** Problem to solve **
Copy every line of the records exactly, without including the images.

** Excerpted records **
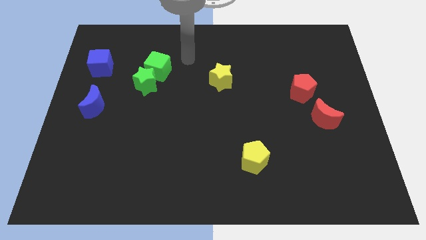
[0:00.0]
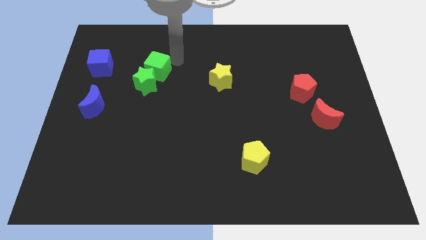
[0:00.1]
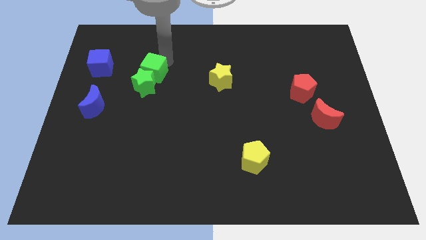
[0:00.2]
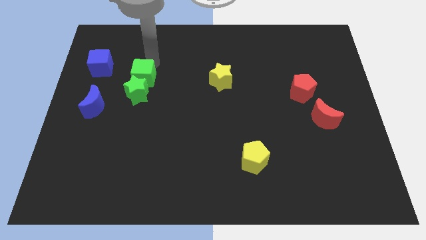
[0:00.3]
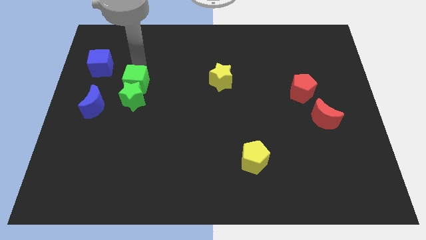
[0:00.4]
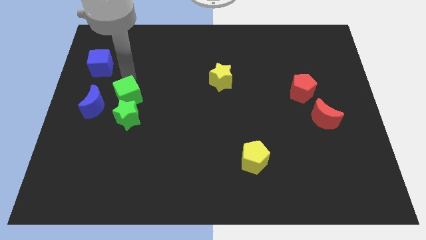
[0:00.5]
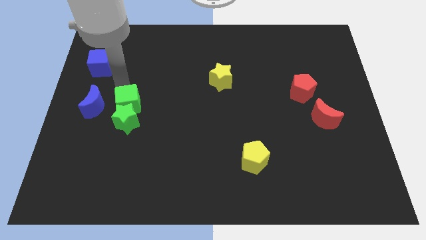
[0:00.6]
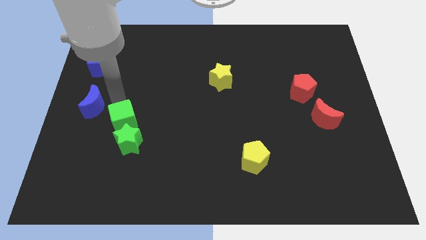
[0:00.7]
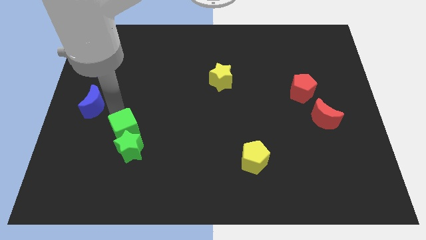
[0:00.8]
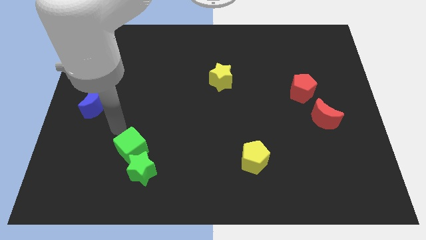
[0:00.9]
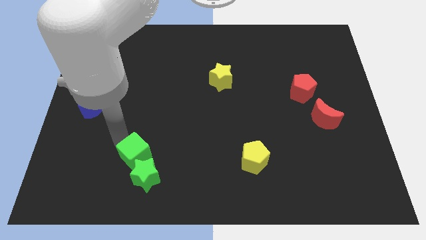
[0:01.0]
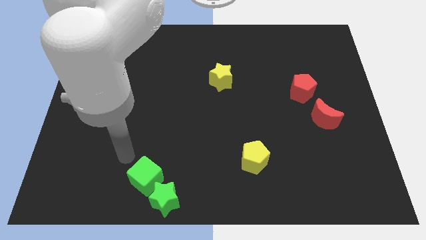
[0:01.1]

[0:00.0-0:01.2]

** Task output **
[0:00.0]
[0:00.1]
[0:00.2]
[0:00.3]
[0:00.4]
[0:00.5]
[0:00.6]
[0:00.7]
[0:00.8]
[0:00.9]
[0:01.0]
[0:01.1]

[0:00.0-0:01.2]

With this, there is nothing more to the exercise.